Lincolnshire, Chicago (Internet, inf. wł., CST, CT) – Prokuratura stanowa powiatu Lake wystosowała formalne zarzuty nieostrożnego postępowania i narażenia na niebezpieczeństwo dziecka przeciwko 65-letniemu Robertowi Allanowi Kaderze z Villa Park, który w sobotę 1 marca wyleciał z Wisconsin swoim Piperem Clipperem i wylądował około godziny 2 po południu na polu golfowym ośrodka Marriott Lincolnshire Resort, by jego 14-letni syn zdążył na lekcję tenisa.
Formalne zarzuty przeciwko Kaderze zostały wystosowane we wtorek 29 kwietnia. Kadera oddał się w ręce władz, a następnie został zwolniony po zapłaceniu tysiąca dolarów kaucji.
Następne przesłuchanie w tej sprawie odbędzie się 13 maja o godz 9 rano w Sądzie Okręgowym Powiatu Lake.
Przypomnijmy, że 1 marca br. Kadera zamierzał odlecieć swoją maszyną z pola golfowego, ale zabronił mu Federalny Zarząd Lotnictwa Cywilnego (FAA). Rozebrana na części awionetka została na polecenie policji przewieziona na plac firmy holowniczej, gdzie policja oraz inspektorzy władz federalnych mieli przeprowadzić przegląd maszyny.

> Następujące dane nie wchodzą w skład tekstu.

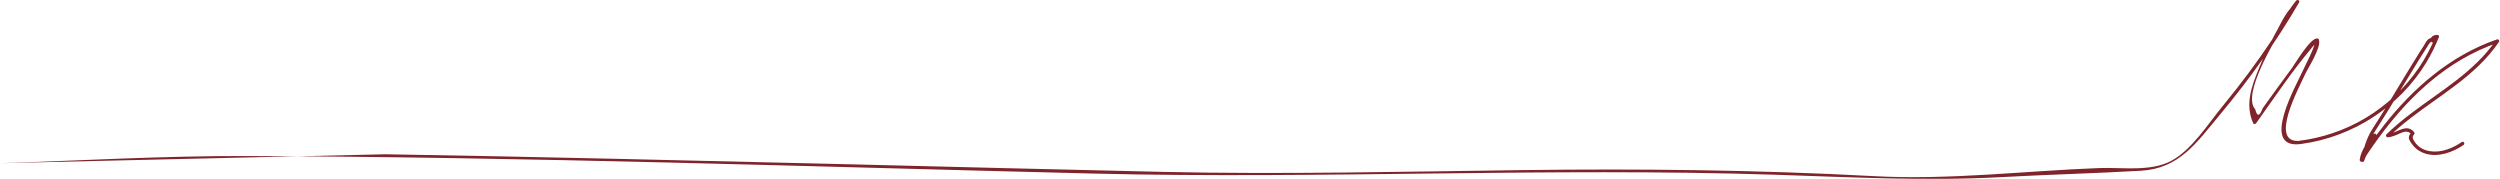<?xml version="1.0" encoding="UTF-8"?> <svg xmlns="http://www.w3.org/2000/svg" width="502" height="36" viewBox="0 0 502 36" fill="none"><path d="M462.154 28.896C472.523 27.477 481.854 21.382 487.211 12.534C488.194 10.908 489.039 9.2 489.742 7.437C489.83 7.216 489.609 7.022 489.411 7.008C488.81 6.967 487.872 7.392 488.098 8.147C488.41 9.181 489.494 7.857 489.71 7.519C489.926 7.18 489.43 6.814 489.168 7.107C488.741 7.591 487.923 7.514 487.468 8.002C487.179 8.314 486.972 8.752 486.742 9.109C486.444 9.575 486.145 10.044 485.846 10.514C484.785 12.195 483.751 13.89 482.722 15.593C480.627 19.055 478.56 22.534 476.359 25.932C475.151 27.803 474.6 29.967 474.058 32.1C473.952 32.525 474.604 32.701 474.724 32.281C475.257 30.405 477.007 29.176 477.172 27.148C477.205 26.782 476.708 26.732 476.529 26.976C475.399 28.526 474.108 30.103 473.828 32.05C473.777 32.412 474.232 32.66 474.457 32.312C479.58 24.373 485.911 16.868 494.203 11.979C496.542 10.6 499.013 9.453 501.586 8.567L501.196 8.07C496.882 14.387 490.073 18.264 484.078 22.823C482.373 24.12 480.724 25.485 479.199 26.98C478.992 27.184 479.139 27.568 479.442 27.559C480.31 27.532 481.073 27.152 481.845 26.809C482.736 26.416 483.554 26.154 484.252 27.008V26.529C483.972 26.813 483.664 27.256 483.692 27.672C483.724 28.169 484.206 28.783 484.509 29.163C485.157 29.985 486.049 30.568 487.059 30.862C489.683 31.621 492.531 30.573 494.681 29.109C495.044 28.86 494.699 28.273 494.332 28.521C492.499 29.773 490.183 30.722 487.914 30.356C487.068 30.22 486.241 29.89 485.598 29.326C485.254 29.018 484.96 28.666 484.725 28.273C484.436 27.789 484.321 27.441 484.744 27.008C484.882 26.863 484.863 26.673 484.744 26.529C483.195 24.631 481.252 26.827 479.447 26.881L479.69 27.459C485.153 22.114 492.122 18.571 497.635 13.28C499.183 11.798 500.589 10.175 501.798 8.409C501.963 8.169 501.687 7.817 501.407 7.912C492.108 11.102 484.597 17.636 478.656 25.209C476.952 27.383 475.362 29.646 473.869 31.969L474.499 32.231C474.77 30.342 476.033 28.82 477.131 27.319L476.488 27.148C476.332 29.054 474.572 30.306 474.062 32.1L474.728 32.281C475.197 30.433 475.629 28.39 476.653 26.75C477.678 25.11 478.79 23.406 479.828 21.712C481.849 18.413 483.811 15.074 485.86 11.789C486.467 10.817 487.082 9.846 487.707 8.883C488.024 8.395 488.318 8.264 488.851 8.065C489.154 7.952 489.444 7.83 489.66 7.582L489.117 7.171C488.998 7.356 488.75 7.559 488.672 7.749C488.626 7.853 488.46 7.767 488.672 7.894C489.209 8.214 488.695 7.957 488.777 7.943C488.787 7.943 488.883 7.79 488.911 7.767C489.053 7.659 489.251 7.668 489.421 7.681L489.09 7.252C485.456 16.38 477.756 23.632 468.306 26.768C466.252 27.45 464.134 27.943 461.984 28.236C461.547 28.295 461.731 28.951 462.168 28.892L462.154 28.896Z" fill="#80242B"></path><path d="M461.959 28.256C455.361 29.074 461.706 17.506 462.781 15.089C463.365 13.774 466.194 9.508 465.634 7.963C465.579 7.809 465.464 7.728 465.303 7.714C463.902 7.583 460.783 12.915 460.208 13.683C459.207 15.025 458.219 16.376 457.236 17.732C456.565 18.658 455.894 19.585 455.228 20.511L454.346 21.74C453.726 23.416 453.225 23.475 452.844 21.921C450.147 18.997 456.749 8.161 458.384 5.383C458.554 5.093 461.288 1.081 460.3 1.478C459.046 1.989 456.951 6.883 456.239 7.954C453.161 12.585 449.816 17.041 446.279 21.342C443.38 24.867 440.109 30.099 435.997 32.295C431.821 34.528 426.078 33.574 421.511 33.746C406.483 34.315 391.419 36.182 376.364 35.373C352.763 34.103 329.213 33.855 305.58 34.157C281.617 34.465 257.649 35.043 233.685 34.519C212.065 34.044 190.444 33.466 168.829 32.946C138.35 32.219 107.868 31.478 77.385 30.976L0 32.77C16.475 32.246 32.913 31.279 49.397 31.333C106.2 31.518 163.022 33.47 219.797 34.858C265.33 35.969 310.882 33.611 356.402 35.084C371.719 35.581 386.618 36.394 401.935 35.562C411.238 35.056 420.569 34.817 429.859 34.288C437.651 33.845 441.064 28.654 445.782 23.001C451.691 15.925 457.034 8.442 461.66 0.493C461.885 0.105 461.329 -0.184 461.063 0.15C460.456 0.855 459.923 1.609 459.469 2.418C459.266 2.739 459.763 3.132 460.011 2.829C461.118 1.469 460.755 1.998 461.66 0.493C461.89 0.109 461.32 -0.193 461.063 0.15C457.962 4.316 455.605 8.821 453.643 13.597C452.132 17.276 450.744 20.922 452.435 24.74C452.55 24.993 452.899 24.926 453.032 24.74C456.593 19.752 460.043 14.582 463.98 9.87C464.297 9.49 464.6 9.097 464.945 8.744C465.487 8.198 464.917 8.32 464.848 8.595C464.371 10.43 463.296 12.242 462.524 13.968C461.201 16.932 453.671 29.955 461.949 28.929C462.381 28.875 462.39 28.197 461.949 28.251L461.959 28.256Z" fill="#80242B"></path></svg>

Niewykluczone, że Federalna Krajowa Rada ds. Bezpieczeństwa Transportu i Komunikacji, NTSB, postawi Robertowi Kaderze formalne zarzuty, ponieważ w jego samolocie wykryto wyciek paliwa.
W wywiadzie udzielonym w marcu lokalnemu programowi radiowemu (WLUP-FM) Kadera powiedział, że latał awionetką do restauracji położonej w pobliżu zamarzniętego, pokrytego śniegiem jeziora, którego tafli używał do lądowania maszyną.